Calculating Molar Masses and Molar Volumes

First, we need to determine the molar masses of benzene and toluene:

  • Benzene (C6H6): Molar mass = 78.11 g/mol
  • Toluene (C7H8): Molar mass = 92.14 g/mol

Next, we can calculate the molar volumes of the liquids:

  • Molar volume of benzene = (molar mass / density) = (78.11 g/mol) / (0.877 g/mL) ≈ 89.0 mL/mol
  • Molar volume of toluene = (molar mass / density) = (92.14 g/mol) / (0.867 g/mL) ≈ 106.0 mL/mol

Calculating Vapor Pressures

Using the factors by which the molar volumes increase upon vaporization, we can find the molar volumes of the gases:

  • Vapor volume of benzene = 2750 × 89.0 mL/mol ≈ 244750 mL/mol
  • Vapor volume of toluene = 7720 × 106.0 mL/mol ≈ 819520 mL/mol

Applying Raoult's Law

According to Raoult's Law, the partial vapor pressure of each component in the solution can be calculated as follows:

  • Partial pressure of benzene (PB) = XB × PB0
  • Partial pressure of toluene (PT) = XT × PT0

Where:

  • XB and XT are the mole fractions of benzene and toluene, respectively.
  • PB0 and PT0 are the vapor pressures of pure benzene and toluene at 20 degrees Celsius.
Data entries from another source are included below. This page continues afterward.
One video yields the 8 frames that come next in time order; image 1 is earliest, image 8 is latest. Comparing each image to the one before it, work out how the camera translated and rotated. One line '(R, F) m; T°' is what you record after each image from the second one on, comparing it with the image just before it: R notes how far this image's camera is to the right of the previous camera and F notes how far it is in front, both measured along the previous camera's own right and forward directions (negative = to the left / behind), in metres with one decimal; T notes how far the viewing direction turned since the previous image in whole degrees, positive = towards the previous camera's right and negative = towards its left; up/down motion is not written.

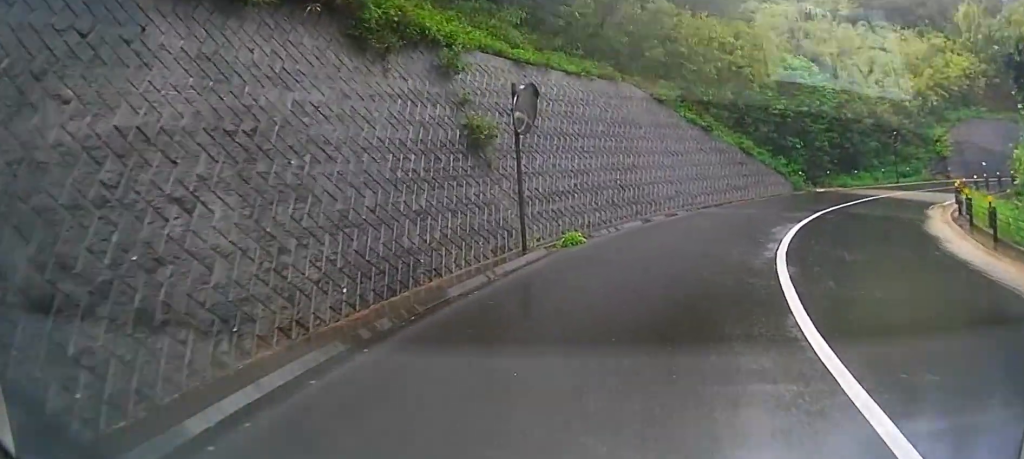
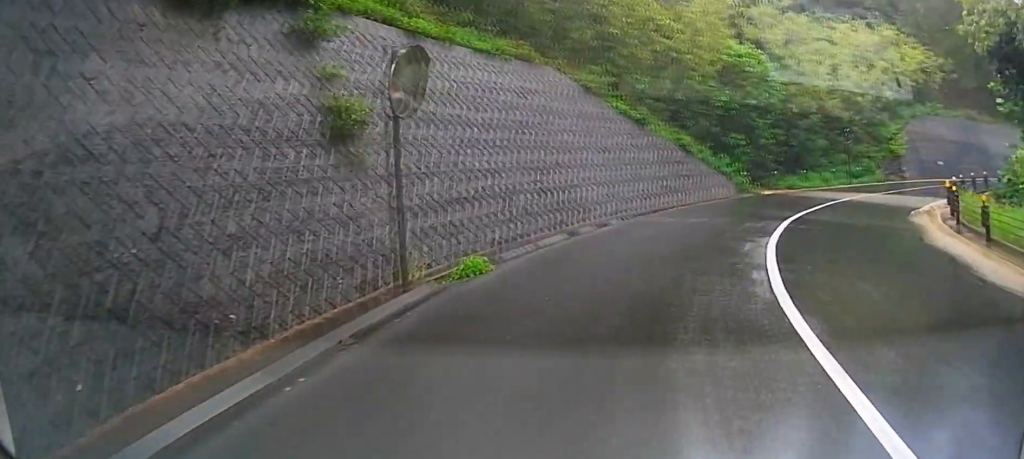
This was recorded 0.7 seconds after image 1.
(+0.9, +3.7) m; +10°
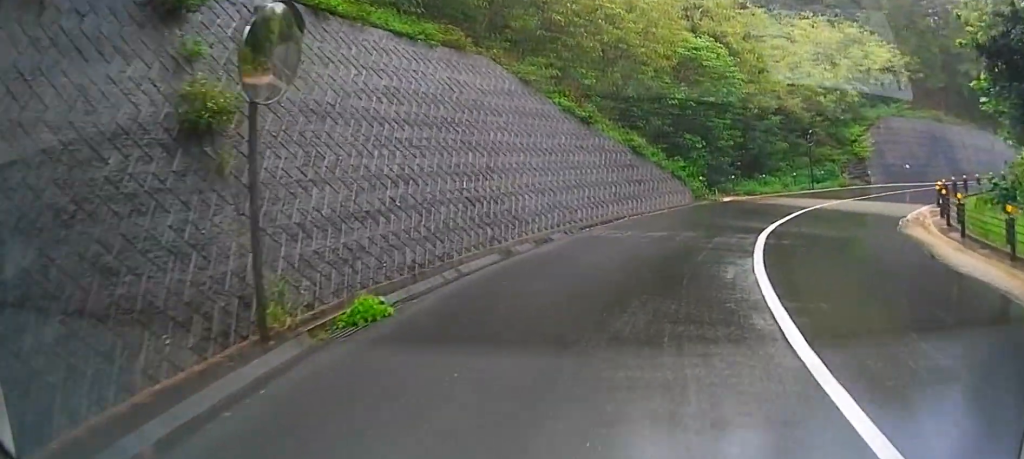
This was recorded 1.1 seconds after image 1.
(0.0, +2.5) m; +3°
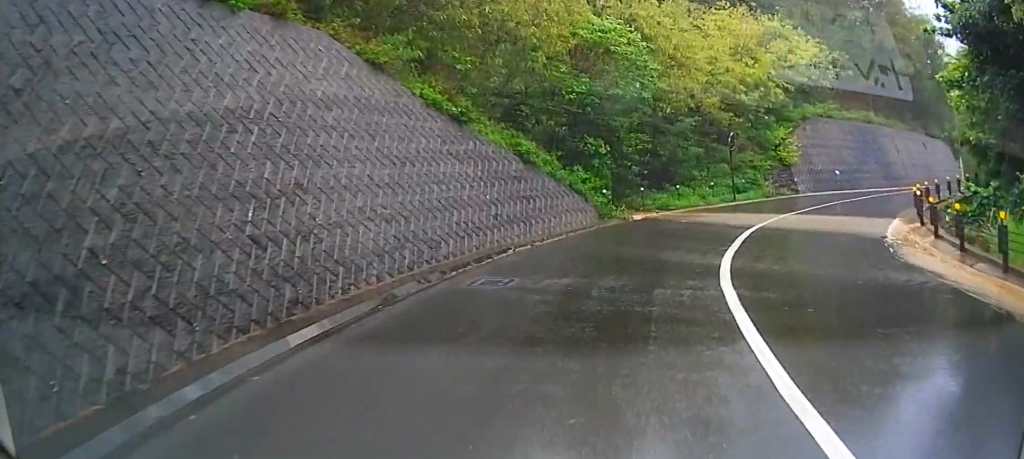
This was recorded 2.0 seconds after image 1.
(0.0, +5.2) m; +6°
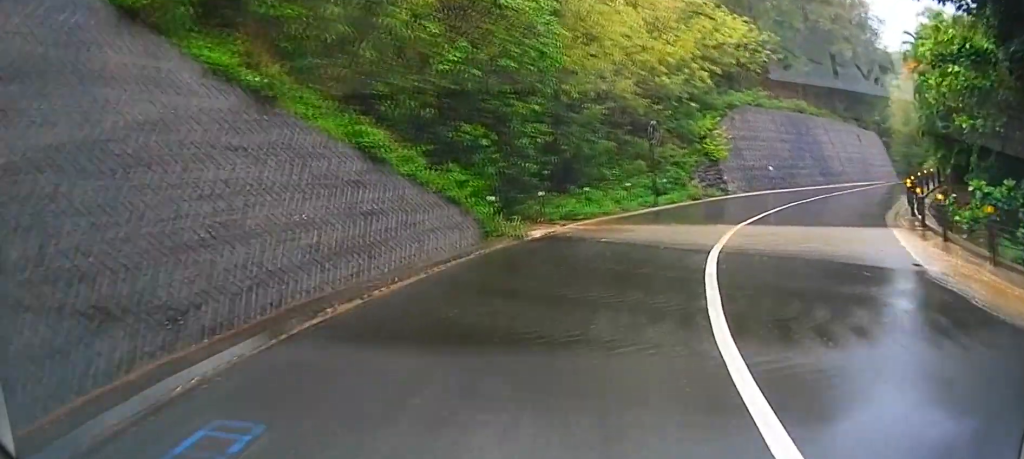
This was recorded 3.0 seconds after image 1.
(+0.7, +6.2) m; +11°
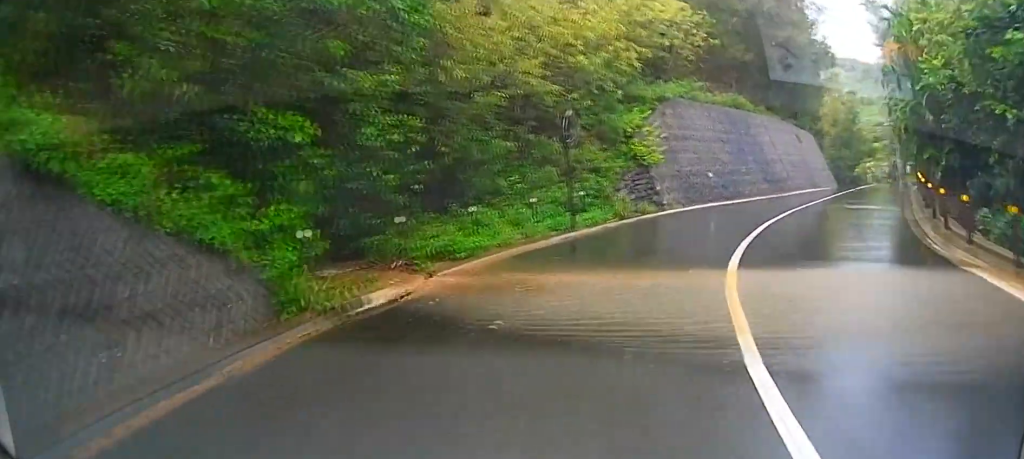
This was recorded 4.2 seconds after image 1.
(+0.7, +7.2) m; +15°
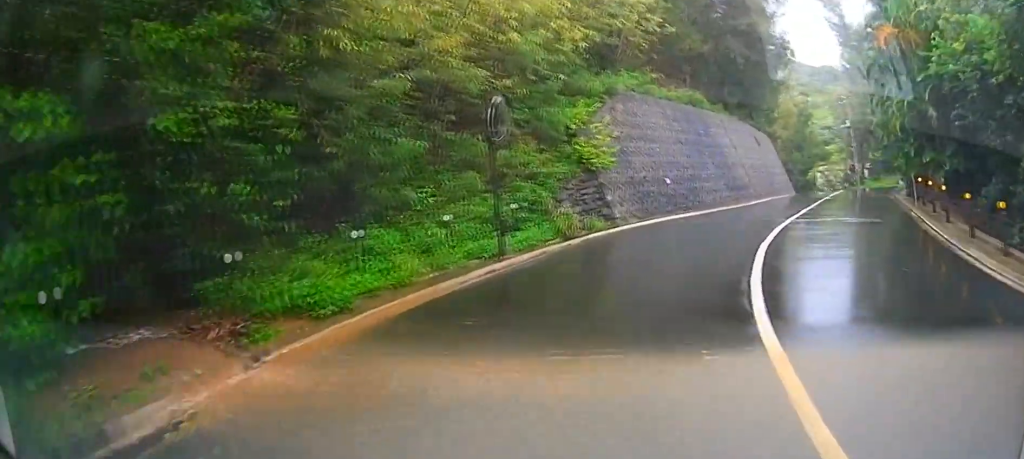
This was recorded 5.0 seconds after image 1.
(+0.4, +4.0) m; +13°
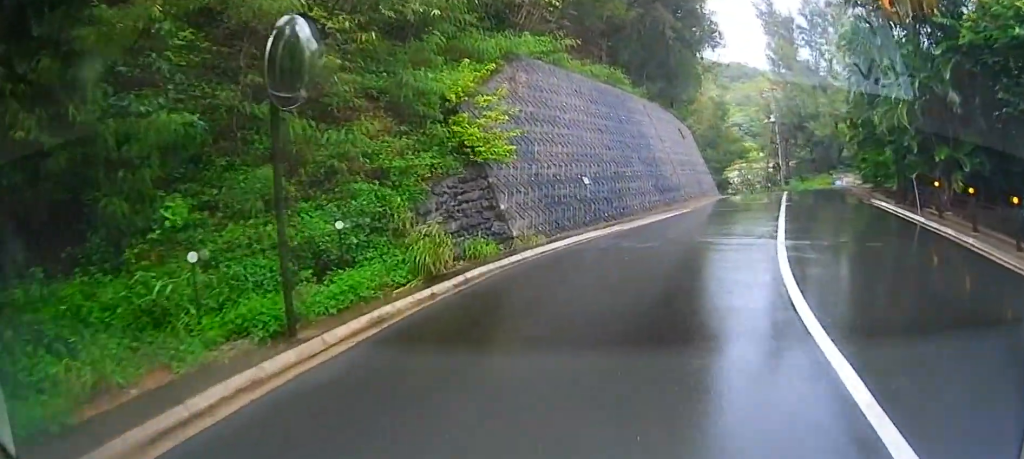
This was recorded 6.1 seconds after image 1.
(+0.8, +6.3) m; +9°

Finding Vapor Pressures of Pure Components

To find the vapor pressures of pure benzene and toluene, we can use the ideal gas law and the molar volumes we calculated:

  • PB0 = (RT) / VB = (0.0821 L·atm/(K·mol) × 293 K) / (244.75 L/mol) ≈ 0.101 atm ≈ 76 torr
  • PT0 = (RT) / VT = (0.0821 L·atm/(K·mol) × 293 K) / (819.52 L/mol) ≈ 0.024 atm ≈ 18 torr

Setting Up the Equation

Now we can set up the equation for the total vapor pressure:

Ptotal = PB + PT = 46 torr

Substituting the expressions for partial pressures:

XB × 76 torr + XT × 18 torr = 46 torr

Since XB + XT = 1, we can express XT as (1 - XB):

XB × 76 + (1 - XB) × 18 = 46

Solving for Mole Fraction

Now, let's solve for XB:

76XB + 18 - 18XB = 46

58XB = 28

XB = 28 / 58 ≈ 0.483

Final Result

The mole fraction of benzene in the vapor above the solution is approximately 0.483. This means that about 48.3% of the vapor consists of benzene molecules at 20 degrees Celsius.